Audio Engine settings

Audio CD Ripper settings

Audio Engine

Audio samples are processed with the highest precision (64-bit float) and with the most accurate algorithms for the best audio quality.

Sample Rate Converter

SoX resampler

Audio Engine uses very high quality SoX resampler. See information about the SoX resampler at SoX - Sound eXchange | Resampling.

SoX resampler is the default sample rate converter in all conversions. SoX resampler is also used with the Opus and MP3 encoders that usually use their own built-in resamplers. SoX resampler provides better audio quality than the built-in resamplers.

Passband

Resampler's passband setting determines how much of the frequency content of the original signal (wrt the original sample rate when up-sampling, or the new sample rate when down-sampling) is preserved during conversion. The term 'passband' is used to refer to all frequencies up to the bandwidth point (e.g. for 44.1kHz sampling rate, and a resampling passband of 95%, the passband represents frequencies from 0Hz to ~21kHz). Increasing the resampler's passband results in a slower conversion and can increase transient echo artefacts.

Default | 95% passband

Default sweep 95%
Default sweep 95% - Conversion from 96kHz to 44.1kHz

Default passband 95%
Default passband 95% - Conversion from 96kHz to 44.1kHz

Steep | 99% passband

Steep sweep 99%
Steep sweep 99% - Conversion from 96kHz to 44.1kHz

Steep passband 99%
Steep passband 99% - Conversion from 96kHz to 44.1kHz

Allow aliasing

Aliasing above the passband is allowed. For example, with 44.1kHz sampling rate, and a resampling passband of 95%, this means that frequency content above ~21kHz can be distorted; however, since this is above the passband (i.e. above the highest frequency of interest/audibility), this may not be a problem. The benefits of allowing aliasing are reduced processing time, and reduced (by almost half) transient echo artefacts.

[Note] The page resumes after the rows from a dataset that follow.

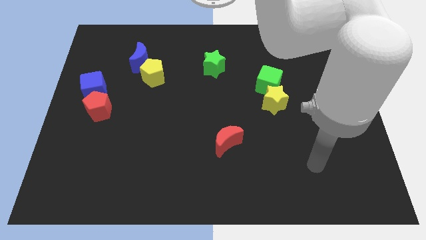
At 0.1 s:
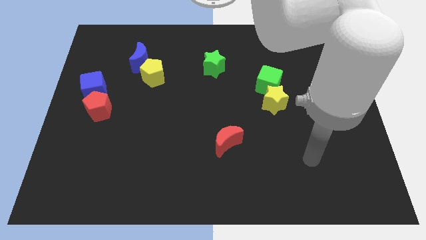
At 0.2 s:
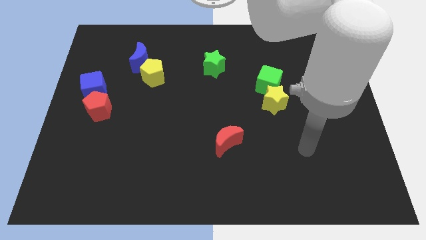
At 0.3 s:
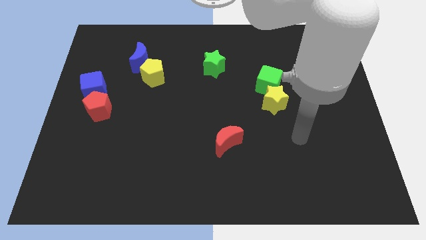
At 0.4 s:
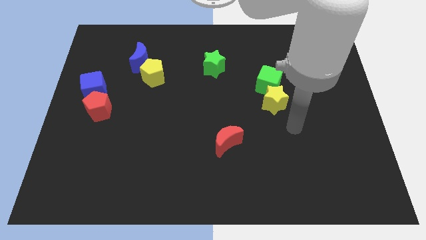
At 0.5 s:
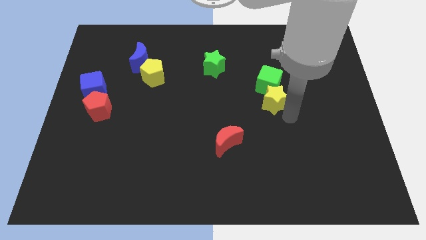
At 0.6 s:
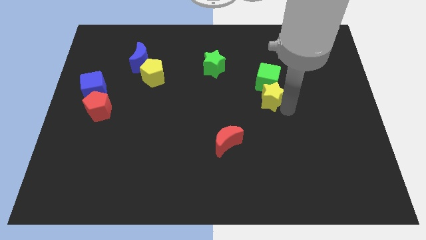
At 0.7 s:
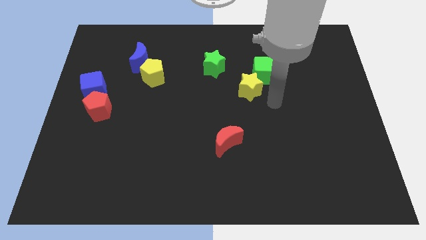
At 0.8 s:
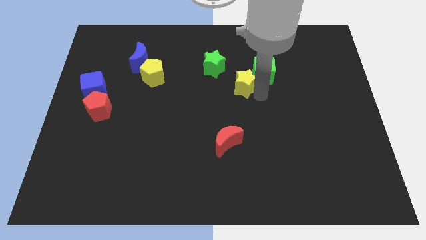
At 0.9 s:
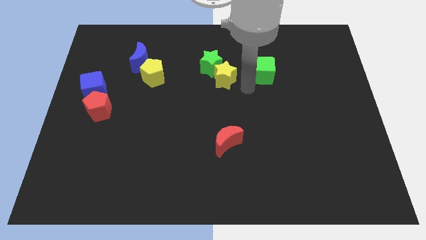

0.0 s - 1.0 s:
pull the green cube apart from the yellow star

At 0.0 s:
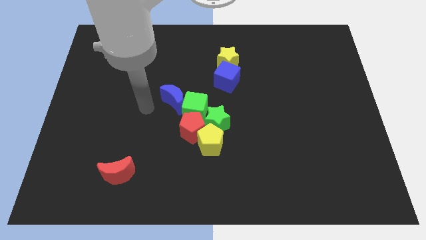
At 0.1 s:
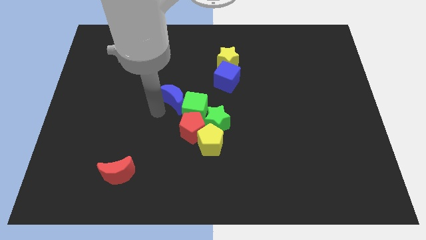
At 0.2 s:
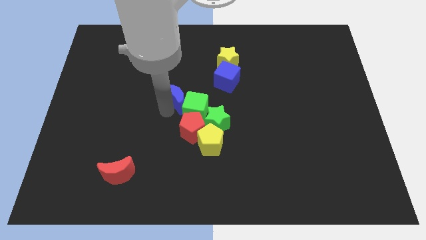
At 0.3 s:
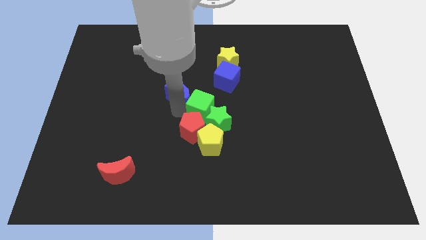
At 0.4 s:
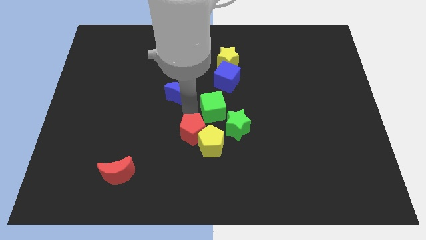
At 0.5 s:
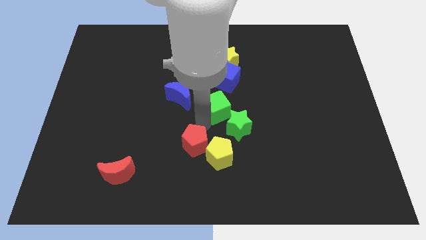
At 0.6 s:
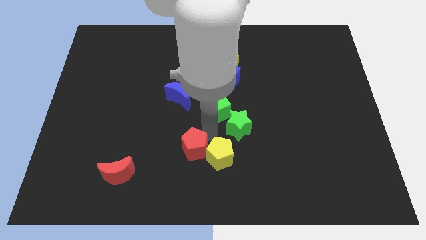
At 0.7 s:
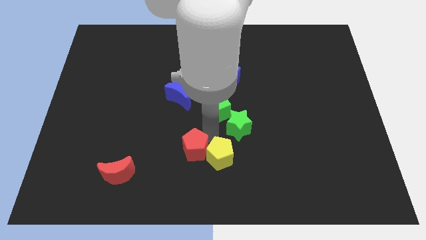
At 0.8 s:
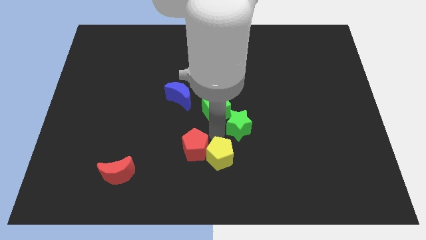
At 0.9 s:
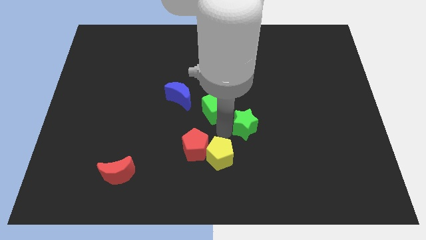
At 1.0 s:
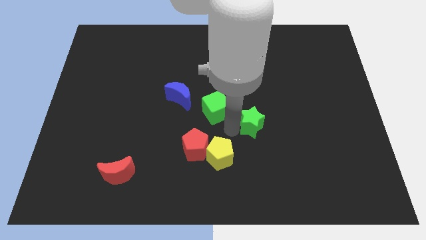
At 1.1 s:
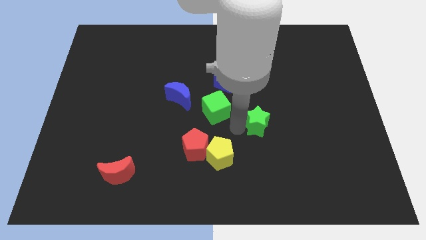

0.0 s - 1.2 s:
separate the green star from the group

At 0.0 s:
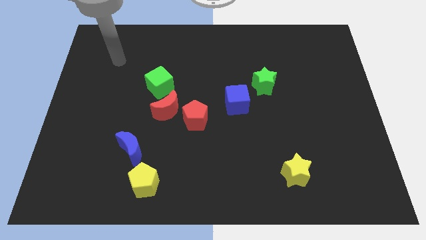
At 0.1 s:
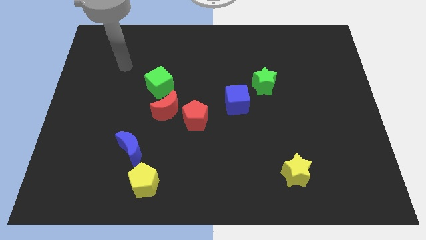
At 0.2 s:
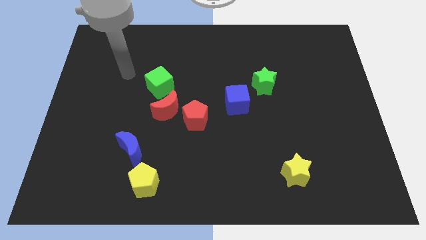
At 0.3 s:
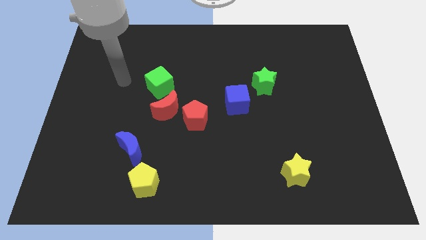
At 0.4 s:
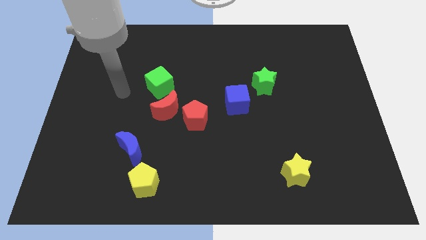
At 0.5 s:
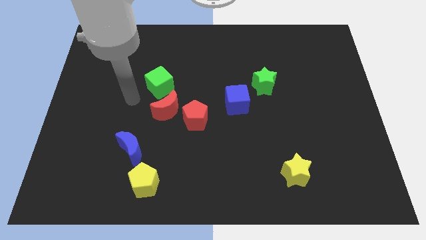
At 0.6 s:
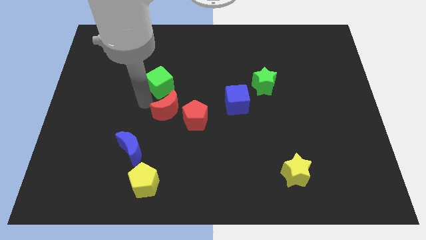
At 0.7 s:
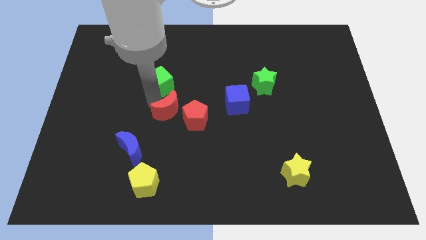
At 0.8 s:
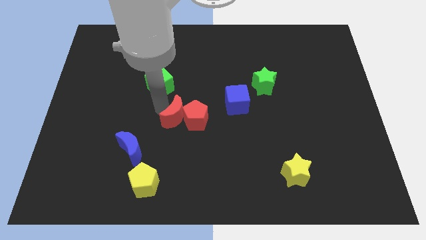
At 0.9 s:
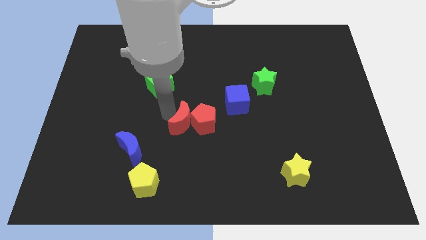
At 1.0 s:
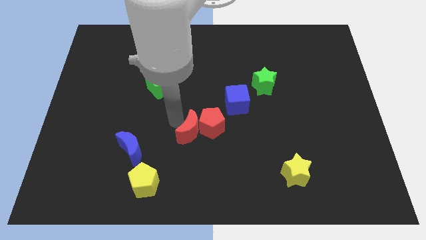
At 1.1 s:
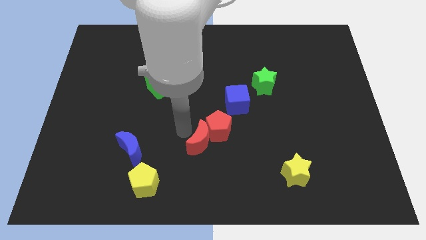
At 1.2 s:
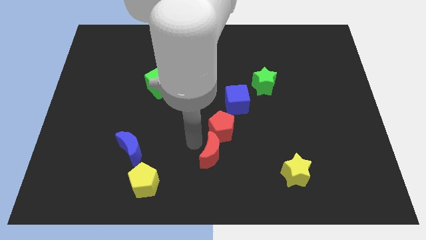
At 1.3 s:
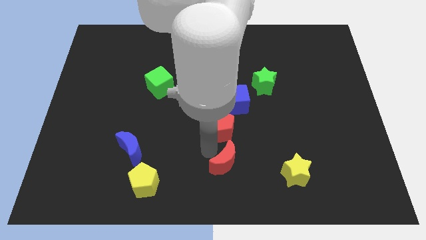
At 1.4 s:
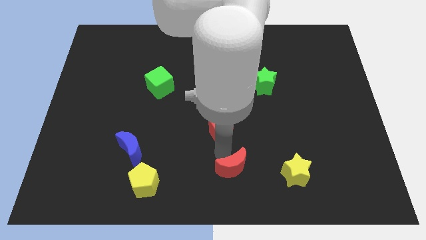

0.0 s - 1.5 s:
separate the red pentagon from the red moon

Default sweep 95%, aliasing allowed
Default sweep 95%, aliasing allowed - Conversion from 96kHz to 44.1kHz

Default passband 95%, aliasing allowed
Default passband 95%, aliasing allowed - Conversion from 96kHz to 44.1kHz

Steep sweep 99%, aliasing allowed
Steep sweep 99%, aliasing allowed - Conversion from 96kHz to 44.1kHz

Steep passband 99%, aliasing allowed
Steep passband 99%, aliasing allowed - Conversion from 96kHz to 44.1kHz

Dithering

Why dither ?

If EZ CD Audio Converter needs to reduce the bit depth, then there will be rounding errors. If each sample value is rounded to the nearest (24-bit, 16-bit, or 8-bit) value, then the steppiness in the output may be audible, especially with extremely quiet sounds. EZ CD Audio Converter can apply Dither in the conversion to avoid this - it is often compared to graphics' Anti-Aliasing that is used to smooth the steppiness of edges. Rather than always rounding to the nearest value, dithering will apply a degree of randomness to the rounding to prevent steppiness.

Dither will be applied (when enabled from the Settings) if converting from ORIGINAL source of
· 64-bit, 64-bit float, 32-bit, 32-bit float to 24-bit
· 64-bit, 64-bit float, 32-bit, 32-bit float, 24-bit to 16-bit
· 64-bit, 64-bit float, 32-bit, 32-bit float, 24-bit, 16-bit to 8-bit

Noise-shaped

Noise-shaped dither has a higher peak amplitude than other forms of dither, but the noise is concentrated in the very high frequency range where it is less audible. Noise-shaped dither implements Lipshitz minimally audible noise shaping.

Triangular

Triangular dither produces a lower peak amplitude of noise than Noise-shaped, but the noise is concentrated less in the higher frequencies.

Rectangular

Rectangular dither produces a similar noise amplitude as triangular, but with very small amounts of randomization. The frequency distribution is fairly even, such that it approximates white noise. Unlike the other two forms of dither, rectangular does not add noise to absolute silence.